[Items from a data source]
========

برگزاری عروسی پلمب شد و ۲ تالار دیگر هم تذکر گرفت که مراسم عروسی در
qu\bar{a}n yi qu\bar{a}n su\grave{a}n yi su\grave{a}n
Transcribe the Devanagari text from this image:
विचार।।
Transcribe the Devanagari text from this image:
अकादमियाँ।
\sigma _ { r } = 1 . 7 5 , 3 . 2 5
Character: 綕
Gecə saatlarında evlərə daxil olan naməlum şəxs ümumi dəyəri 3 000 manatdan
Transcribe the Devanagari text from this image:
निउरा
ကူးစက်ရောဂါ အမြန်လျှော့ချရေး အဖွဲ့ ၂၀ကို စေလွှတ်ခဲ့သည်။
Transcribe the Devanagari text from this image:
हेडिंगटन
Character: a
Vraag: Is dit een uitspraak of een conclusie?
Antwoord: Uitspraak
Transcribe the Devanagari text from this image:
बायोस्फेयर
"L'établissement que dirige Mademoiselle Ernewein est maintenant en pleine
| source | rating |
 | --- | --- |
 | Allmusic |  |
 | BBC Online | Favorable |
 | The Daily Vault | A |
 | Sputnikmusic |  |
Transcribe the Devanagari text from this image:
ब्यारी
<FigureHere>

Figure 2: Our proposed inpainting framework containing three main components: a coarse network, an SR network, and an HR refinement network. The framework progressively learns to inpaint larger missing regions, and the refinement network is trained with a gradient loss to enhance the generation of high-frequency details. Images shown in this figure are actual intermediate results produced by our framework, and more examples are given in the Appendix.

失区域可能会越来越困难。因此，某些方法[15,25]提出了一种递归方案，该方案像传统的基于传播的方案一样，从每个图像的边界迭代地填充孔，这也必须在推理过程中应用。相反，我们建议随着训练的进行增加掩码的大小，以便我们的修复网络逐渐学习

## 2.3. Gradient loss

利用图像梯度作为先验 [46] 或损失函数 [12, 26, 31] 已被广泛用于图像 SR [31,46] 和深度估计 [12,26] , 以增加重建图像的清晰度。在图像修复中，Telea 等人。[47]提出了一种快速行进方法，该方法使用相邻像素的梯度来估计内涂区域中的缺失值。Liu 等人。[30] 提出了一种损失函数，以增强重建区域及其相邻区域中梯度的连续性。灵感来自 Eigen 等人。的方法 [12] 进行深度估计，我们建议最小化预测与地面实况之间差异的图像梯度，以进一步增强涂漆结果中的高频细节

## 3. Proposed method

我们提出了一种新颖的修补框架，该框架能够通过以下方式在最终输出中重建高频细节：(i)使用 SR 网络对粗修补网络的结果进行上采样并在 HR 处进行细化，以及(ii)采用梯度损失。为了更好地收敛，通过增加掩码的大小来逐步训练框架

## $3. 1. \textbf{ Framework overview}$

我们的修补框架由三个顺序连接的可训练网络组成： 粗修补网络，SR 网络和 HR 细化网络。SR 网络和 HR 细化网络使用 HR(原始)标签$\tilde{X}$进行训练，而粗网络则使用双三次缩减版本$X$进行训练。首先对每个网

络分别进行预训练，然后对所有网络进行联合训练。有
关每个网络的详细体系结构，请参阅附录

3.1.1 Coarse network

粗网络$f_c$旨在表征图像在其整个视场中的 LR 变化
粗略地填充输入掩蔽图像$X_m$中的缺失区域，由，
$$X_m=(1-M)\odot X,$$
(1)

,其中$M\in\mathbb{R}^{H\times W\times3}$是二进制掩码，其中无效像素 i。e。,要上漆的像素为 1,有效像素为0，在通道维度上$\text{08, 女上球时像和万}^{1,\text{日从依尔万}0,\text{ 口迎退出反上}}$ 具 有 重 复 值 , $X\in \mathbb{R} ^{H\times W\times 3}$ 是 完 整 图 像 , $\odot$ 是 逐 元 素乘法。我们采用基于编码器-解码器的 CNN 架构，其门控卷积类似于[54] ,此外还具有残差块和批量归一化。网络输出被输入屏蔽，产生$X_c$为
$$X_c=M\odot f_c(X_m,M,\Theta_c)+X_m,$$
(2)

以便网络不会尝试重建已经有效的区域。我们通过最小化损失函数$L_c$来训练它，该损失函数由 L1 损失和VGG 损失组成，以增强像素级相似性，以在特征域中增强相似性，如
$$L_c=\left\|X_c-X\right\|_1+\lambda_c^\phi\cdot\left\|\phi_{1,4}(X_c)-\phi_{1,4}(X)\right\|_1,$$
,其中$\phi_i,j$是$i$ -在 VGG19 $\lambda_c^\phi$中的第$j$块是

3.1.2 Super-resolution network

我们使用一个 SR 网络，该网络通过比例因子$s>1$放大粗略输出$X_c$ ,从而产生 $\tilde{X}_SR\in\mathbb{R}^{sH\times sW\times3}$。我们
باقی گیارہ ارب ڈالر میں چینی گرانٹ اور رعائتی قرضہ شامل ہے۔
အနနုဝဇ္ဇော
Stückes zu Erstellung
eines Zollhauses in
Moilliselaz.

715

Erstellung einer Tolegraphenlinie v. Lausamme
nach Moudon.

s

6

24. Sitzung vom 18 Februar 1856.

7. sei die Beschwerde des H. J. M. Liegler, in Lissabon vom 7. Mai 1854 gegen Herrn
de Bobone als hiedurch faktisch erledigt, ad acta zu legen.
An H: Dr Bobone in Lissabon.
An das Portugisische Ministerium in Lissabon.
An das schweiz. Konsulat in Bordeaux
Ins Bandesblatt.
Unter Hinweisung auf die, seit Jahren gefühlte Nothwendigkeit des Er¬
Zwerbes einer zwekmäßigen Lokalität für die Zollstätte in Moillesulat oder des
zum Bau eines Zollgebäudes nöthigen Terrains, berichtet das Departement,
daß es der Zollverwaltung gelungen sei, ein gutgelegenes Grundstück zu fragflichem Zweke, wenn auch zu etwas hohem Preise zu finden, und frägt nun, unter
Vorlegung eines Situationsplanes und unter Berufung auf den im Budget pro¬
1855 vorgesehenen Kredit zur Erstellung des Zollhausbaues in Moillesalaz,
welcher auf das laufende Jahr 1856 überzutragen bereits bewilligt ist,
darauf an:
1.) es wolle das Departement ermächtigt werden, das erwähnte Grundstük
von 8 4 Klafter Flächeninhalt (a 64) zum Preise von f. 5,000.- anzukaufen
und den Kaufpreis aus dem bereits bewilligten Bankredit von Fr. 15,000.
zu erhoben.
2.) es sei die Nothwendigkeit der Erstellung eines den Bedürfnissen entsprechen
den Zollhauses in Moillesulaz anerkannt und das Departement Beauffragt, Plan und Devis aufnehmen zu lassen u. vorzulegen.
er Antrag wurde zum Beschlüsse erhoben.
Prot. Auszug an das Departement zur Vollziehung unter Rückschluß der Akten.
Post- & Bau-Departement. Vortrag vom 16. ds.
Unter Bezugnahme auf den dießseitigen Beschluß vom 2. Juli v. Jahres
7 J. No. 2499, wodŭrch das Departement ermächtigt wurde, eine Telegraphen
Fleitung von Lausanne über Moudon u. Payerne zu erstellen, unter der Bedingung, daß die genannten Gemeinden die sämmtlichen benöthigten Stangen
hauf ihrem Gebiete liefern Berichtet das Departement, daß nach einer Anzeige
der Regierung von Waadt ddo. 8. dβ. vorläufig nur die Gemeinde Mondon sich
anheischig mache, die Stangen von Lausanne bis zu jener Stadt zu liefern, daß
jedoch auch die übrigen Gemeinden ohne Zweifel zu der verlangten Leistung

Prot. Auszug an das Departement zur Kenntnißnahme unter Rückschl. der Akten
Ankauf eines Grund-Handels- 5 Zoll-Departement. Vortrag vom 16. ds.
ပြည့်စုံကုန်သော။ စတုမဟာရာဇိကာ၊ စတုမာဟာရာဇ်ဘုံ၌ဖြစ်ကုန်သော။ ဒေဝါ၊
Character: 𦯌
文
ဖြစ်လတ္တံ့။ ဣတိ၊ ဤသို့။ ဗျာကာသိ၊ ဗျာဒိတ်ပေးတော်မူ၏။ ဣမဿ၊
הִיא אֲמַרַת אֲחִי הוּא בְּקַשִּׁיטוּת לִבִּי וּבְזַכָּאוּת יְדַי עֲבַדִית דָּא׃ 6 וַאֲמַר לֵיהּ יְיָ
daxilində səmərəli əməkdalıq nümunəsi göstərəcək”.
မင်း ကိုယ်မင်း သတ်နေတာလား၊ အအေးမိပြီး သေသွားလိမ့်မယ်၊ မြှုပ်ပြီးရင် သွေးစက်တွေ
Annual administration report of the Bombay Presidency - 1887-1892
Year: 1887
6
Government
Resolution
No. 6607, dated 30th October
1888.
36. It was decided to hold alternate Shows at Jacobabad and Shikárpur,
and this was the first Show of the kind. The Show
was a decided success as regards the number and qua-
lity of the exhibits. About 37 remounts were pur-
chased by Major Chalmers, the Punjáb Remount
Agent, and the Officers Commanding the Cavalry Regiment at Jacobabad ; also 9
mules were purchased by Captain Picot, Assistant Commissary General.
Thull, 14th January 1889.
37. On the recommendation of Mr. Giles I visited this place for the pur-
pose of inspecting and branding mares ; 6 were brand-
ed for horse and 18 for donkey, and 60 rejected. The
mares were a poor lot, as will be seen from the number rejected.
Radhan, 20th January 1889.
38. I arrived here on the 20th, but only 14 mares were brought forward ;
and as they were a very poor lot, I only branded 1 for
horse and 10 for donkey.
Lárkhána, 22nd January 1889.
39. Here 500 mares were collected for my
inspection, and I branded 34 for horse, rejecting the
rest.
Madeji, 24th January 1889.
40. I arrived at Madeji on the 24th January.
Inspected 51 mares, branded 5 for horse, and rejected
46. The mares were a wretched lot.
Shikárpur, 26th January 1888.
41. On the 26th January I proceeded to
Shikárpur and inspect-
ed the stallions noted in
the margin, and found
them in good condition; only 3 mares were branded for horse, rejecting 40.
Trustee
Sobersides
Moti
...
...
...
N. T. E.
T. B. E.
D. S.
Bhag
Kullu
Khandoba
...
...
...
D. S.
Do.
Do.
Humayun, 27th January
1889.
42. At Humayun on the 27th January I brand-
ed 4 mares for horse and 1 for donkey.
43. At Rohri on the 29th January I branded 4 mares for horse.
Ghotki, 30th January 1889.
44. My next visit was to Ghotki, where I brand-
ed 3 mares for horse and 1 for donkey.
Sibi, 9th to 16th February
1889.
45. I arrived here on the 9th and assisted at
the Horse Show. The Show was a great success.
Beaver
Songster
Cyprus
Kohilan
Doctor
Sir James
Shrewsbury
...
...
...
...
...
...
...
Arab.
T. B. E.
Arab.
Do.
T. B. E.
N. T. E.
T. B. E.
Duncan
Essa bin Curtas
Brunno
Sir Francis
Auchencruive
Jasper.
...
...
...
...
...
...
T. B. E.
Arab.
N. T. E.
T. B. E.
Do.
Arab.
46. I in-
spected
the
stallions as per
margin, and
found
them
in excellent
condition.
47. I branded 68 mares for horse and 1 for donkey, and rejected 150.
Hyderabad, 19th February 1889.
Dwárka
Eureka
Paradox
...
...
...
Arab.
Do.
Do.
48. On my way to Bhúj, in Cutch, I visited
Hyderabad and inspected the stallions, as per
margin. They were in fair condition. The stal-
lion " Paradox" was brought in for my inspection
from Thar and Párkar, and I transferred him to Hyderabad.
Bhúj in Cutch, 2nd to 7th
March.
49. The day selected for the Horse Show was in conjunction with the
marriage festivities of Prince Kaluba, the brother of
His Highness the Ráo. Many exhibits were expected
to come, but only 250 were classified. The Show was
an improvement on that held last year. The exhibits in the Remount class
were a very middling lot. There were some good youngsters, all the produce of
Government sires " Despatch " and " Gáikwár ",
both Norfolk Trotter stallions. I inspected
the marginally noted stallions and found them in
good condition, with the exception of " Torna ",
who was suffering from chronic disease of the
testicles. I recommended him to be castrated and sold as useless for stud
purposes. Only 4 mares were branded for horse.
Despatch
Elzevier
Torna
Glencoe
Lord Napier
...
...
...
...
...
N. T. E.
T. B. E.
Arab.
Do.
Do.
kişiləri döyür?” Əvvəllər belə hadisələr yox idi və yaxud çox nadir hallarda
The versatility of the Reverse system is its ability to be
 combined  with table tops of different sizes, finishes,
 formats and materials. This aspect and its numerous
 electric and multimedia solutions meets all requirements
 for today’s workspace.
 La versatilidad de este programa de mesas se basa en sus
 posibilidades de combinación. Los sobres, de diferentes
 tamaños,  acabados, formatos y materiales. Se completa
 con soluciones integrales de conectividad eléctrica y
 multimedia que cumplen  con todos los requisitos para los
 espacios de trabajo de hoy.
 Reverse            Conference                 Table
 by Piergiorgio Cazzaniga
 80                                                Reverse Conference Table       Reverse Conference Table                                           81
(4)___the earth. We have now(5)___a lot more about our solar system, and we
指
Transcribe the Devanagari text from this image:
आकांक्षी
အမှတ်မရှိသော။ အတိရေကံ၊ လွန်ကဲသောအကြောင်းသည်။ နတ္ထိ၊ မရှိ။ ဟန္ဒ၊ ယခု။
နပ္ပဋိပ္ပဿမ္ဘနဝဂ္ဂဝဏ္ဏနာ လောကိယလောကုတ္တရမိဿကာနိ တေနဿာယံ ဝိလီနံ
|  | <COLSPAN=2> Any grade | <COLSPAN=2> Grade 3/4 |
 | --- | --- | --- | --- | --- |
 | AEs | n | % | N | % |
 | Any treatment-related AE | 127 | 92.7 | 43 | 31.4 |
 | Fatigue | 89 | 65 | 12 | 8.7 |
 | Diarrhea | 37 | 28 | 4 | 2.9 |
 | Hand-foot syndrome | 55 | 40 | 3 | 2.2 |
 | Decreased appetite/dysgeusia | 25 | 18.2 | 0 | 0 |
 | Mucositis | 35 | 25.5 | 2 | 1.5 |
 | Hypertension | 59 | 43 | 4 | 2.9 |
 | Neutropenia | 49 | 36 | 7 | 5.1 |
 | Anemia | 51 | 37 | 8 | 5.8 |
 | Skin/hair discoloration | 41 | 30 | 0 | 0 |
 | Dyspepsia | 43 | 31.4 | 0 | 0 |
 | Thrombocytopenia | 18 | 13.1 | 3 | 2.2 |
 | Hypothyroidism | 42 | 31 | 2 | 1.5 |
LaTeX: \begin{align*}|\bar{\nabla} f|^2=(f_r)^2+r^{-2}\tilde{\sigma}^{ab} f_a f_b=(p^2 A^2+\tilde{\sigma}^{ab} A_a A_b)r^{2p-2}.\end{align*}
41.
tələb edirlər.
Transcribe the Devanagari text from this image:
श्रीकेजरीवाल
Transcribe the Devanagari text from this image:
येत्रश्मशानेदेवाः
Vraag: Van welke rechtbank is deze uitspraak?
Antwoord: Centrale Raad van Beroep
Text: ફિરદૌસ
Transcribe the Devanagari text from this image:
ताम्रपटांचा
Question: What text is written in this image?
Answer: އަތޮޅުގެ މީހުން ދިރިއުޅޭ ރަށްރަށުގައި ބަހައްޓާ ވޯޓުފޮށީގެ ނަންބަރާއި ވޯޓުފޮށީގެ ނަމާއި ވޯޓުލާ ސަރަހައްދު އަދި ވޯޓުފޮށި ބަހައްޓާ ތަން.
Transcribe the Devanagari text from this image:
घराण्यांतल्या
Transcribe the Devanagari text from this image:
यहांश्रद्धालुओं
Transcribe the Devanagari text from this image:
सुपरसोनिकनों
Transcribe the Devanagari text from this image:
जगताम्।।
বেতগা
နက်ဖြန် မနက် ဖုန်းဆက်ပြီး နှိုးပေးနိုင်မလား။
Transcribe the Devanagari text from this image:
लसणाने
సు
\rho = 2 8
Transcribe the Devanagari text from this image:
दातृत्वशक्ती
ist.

========

• Exercise instructions:
From the records above, give again exactly the lines running from the line with "welcher auf das" to the line with "2.) es sei die", inclusive.

• Solved problem:
welcher auf das laufende Jahr 1856 überzutragen bereits bewilligt ist,
darauf an:
1.) es wolle das Departement ermächtigt werden, das erwähnte Grundstük
von 8 4 Klafter Flächeninhalt (a 64) zum Preise von f. 5,000.- anzukaufen
und den Kaufpreis aus dem bereits bewilligten Bankredit von Fr. 15,000.
zu erhoben.
2.) es sei die Nothwendigkeit der Erstellung eines den Bedürfnissen entsprechen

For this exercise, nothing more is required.